- [ABOUT THIS TASK]: Go through the records, and copy each line in which the string "నవలస" is present.

- [RECORDED DATA]:
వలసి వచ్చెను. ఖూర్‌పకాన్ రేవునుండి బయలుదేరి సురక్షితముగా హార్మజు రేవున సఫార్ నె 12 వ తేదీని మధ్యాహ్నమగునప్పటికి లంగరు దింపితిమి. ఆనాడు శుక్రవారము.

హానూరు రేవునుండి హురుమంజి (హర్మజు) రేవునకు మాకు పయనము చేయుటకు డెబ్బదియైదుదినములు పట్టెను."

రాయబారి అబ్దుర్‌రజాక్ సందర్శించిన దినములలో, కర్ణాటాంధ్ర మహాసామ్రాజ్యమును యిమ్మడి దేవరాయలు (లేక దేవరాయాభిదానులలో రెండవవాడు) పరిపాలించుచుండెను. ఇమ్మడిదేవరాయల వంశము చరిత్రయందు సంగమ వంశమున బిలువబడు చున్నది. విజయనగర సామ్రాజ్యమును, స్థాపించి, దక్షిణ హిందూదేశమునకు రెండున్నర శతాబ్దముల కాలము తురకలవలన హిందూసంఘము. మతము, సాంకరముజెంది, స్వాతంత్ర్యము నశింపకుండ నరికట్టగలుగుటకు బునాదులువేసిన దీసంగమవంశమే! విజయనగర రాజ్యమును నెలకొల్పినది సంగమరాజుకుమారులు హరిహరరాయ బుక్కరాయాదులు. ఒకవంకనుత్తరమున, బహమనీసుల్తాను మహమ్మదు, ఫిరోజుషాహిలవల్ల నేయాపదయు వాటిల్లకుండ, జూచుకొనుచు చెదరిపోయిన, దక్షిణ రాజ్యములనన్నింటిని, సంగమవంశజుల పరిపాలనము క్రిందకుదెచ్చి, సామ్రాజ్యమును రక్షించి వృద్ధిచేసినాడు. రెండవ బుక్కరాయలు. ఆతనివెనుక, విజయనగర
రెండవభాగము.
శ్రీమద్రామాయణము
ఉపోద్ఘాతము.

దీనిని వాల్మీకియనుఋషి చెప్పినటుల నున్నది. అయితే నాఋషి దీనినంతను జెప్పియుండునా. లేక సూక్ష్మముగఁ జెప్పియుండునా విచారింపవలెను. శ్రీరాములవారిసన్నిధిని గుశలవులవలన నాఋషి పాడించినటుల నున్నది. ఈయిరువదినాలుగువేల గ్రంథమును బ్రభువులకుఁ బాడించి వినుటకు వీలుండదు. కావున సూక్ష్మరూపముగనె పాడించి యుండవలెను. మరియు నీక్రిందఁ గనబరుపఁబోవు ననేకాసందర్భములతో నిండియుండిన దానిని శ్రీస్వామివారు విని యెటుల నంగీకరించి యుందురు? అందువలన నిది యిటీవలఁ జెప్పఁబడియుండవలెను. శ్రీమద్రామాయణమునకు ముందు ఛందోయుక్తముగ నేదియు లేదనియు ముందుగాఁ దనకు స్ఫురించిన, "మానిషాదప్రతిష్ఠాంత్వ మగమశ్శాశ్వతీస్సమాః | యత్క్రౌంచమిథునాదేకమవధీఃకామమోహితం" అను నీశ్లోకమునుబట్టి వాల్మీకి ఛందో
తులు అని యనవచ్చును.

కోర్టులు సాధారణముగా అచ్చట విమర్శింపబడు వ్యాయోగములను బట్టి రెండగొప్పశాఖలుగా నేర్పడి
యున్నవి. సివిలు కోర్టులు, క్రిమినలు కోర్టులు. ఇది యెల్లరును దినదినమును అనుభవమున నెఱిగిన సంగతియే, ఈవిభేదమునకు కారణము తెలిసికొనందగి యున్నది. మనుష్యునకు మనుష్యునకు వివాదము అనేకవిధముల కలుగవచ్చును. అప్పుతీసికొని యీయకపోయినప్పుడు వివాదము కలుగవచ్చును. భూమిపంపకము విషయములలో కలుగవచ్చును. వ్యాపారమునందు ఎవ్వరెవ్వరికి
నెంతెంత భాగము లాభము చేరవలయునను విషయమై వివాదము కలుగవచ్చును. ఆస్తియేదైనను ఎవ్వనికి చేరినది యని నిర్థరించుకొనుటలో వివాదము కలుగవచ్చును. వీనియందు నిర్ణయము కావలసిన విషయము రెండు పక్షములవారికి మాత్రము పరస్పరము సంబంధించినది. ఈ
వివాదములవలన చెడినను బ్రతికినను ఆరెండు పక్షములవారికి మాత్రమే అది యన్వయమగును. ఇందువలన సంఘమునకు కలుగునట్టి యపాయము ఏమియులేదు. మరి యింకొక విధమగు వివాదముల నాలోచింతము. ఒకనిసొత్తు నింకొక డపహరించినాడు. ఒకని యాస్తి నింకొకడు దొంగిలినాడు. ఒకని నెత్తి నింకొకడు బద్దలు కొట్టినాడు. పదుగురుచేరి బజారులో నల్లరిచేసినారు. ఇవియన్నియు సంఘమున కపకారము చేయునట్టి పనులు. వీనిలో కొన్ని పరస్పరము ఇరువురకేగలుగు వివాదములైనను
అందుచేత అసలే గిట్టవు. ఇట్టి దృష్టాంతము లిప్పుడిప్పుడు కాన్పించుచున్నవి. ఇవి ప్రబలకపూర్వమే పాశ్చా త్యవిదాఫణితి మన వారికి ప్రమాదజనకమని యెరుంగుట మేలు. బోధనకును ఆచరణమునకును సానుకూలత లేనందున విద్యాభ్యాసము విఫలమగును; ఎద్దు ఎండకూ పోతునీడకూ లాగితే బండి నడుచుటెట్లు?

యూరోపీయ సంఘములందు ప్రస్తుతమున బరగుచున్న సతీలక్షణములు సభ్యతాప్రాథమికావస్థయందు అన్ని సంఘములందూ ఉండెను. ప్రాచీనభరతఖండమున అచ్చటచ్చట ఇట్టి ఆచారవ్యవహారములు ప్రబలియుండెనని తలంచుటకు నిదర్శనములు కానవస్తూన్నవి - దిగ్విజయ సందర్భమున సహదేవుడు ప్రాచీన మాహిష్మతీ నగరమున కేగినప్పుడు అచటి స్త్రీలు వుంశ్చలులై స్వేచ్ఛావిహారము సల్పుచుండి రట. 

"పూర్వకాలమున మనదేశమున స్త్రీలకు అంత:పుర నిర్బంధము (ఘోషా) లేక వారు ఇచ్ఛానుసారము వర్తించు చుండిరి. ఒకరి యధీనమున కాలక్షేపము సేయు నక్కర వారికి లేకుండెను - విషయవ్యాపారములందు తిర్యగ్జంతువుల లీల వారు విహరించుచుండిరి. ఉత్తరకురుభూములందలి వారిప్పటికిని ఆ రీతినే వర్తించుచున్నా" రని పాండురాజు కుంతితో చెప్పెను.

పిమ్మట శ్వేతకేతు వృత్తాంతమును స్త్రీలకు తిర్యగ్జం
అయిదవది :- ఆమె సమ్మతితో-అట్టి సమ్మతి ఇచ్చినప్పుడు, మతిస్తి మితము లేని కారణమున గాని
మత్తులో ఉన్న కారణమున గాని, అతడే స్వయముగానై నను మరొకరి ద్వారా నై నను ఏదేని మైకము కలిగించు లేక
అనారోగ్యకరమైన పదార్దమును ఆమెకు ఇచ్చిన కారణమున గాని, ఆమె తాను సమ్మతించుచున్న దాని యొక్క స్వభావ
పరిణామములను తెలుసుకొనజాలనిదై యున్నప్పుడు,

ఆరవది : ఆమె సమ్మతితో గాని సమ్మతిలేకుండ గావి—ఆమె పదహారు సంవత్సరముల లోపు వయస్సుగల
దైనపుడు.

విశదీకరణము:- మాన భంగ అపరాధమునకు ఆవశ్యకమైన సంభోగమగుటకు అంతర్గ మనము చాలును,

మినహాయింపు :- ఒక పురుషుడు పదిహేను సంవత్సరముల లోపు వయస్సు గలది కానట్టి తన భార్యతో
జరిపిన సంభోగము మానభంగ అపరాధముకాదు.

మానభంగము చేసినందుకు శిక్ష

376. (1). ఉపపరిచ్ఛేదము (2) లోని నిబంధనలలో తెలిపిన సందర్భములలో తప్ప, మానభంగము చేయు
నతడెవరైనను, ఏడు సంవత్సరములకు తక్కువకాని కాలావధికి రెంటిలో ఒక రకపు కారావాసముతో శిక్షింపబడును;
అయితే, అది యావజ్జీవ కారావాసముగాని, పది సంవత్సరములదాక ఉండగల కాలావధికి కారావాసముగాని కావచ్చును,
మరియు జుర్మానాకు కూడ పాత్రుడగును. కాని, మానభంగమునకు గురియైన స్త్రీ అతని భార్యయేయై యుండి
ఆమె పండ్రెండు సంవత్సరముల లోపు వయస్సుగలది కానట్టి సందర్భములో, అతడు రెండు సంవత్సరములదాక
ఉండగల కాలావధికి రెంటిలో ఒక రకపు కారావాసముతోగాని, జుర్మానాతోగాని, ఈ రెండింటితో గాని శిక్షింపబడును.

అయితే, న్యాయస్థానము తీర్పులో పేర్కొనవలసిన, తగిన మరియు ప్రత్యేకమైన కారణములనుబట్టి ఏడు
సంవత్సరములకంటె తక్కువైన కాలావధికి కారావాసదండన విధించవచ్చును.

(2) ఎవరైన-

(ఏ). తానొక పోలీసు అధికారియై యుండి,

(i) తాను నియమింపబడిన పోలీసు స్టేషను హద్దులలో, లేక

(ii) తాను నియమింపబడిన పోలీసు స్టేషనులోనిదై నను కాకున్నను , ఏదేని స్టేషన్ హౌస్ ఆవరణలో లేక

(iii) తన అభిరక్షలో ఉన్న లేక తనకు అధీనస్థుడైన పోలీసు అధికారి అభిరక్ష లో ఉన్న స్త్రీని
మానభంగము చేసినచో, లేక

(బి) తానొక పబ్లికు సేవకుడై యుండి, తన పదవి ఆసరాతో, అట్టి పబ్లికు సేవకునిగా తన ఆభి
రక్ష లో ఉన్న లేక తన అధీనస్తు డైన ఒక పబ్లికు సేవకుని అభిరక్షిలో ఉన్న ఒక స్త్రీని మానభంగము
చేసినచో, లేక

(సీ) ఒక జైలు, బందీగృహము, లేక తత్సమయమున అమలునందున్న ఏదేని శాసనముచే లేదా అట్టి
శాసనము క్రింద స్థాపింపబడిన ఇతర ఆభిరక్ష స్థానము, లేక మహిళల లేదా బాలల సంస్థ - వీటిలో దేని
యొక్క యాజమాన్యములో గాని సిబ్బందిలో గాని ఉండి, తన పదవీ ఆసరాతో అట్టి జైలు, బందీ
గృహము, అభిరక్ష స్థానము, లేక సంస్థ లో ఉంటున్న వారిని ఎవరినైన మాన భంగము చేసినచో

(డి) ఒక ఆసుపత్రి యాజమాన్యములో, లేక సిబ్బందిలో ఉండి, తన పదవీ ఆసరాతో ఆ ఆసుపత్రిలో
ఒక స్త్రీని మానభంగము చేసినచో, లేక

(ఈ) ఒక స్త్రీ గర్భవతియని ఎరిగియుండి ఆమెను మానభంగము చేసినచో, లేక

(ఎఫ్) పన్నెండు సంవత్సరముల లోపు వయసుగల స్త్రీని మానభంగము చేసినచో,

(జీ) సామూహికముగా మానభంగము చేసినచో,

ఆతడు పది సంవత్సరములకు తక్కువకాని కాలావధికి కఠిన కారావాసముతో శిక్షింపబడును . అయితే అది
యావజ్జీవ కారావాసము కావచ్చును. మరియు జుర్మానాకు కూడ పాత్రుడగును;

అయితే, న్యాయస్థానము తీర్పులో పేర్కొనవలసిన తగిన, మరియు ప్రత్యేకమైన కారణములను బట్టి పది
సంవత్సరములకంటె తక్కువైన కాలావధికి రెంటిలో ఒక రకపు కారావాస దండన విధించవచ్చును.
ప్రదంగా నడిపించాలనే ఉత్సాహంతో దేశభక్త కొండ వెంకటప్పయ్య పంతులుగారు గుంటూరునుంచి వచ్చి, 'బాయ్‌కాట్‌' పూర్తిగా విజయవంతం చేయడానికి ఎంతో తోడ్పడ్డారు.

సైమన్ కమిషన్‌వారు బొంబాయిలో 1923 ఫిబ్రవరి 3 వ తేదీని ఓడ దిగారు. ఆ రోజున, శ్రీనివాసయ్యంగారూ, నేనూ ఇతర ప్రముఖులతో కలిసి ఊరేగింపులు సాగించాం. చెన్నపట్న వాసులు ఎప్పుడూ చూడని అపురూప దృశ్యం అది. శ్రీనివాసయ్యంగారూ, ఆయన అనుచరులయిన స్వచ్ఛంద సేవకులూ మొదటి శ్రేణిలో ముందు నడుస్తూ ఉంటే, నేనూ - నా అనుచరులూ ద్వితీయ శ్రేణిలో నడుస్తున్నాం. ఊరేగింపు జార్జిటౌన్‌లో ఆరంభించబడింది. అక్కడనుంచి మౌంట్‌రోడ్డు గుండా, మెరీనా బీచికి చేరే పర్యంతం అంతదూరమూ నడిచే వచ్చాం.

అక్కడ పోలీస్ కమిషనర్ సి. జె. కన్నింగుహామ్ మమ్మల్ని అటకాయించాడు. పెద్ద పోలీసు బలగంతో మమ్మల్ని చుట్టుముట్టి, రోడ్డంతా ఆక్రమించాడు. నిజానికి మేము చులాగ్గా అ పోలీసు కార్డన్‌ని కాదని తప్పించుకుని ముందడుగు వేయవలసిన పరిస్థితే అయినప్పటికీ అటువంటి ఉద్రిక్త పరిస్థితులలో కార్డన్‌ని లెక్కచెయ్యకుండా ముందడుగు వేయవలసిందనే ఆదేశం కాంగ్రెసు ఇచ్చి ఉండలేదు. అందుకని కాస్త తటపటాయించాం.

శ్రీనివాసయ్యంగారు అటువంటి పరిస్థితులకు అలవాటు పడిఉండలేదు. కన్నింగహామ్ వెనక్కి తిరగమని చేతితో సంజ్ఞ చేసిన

- [TASK RESULT]:
అయితే, న్యాయస్థానము తీర్పులో పేర్కొనవలసిన, తగిన మరియు ప్రత్యేకమైన కారణములనుబట్టి ఏడు
అయితే, న్యాయస్థానము తీర్పులో పేర్కొనవలసిన తగిన, మరియు ప్రత్యేకమైన కారణములను బట్టి పది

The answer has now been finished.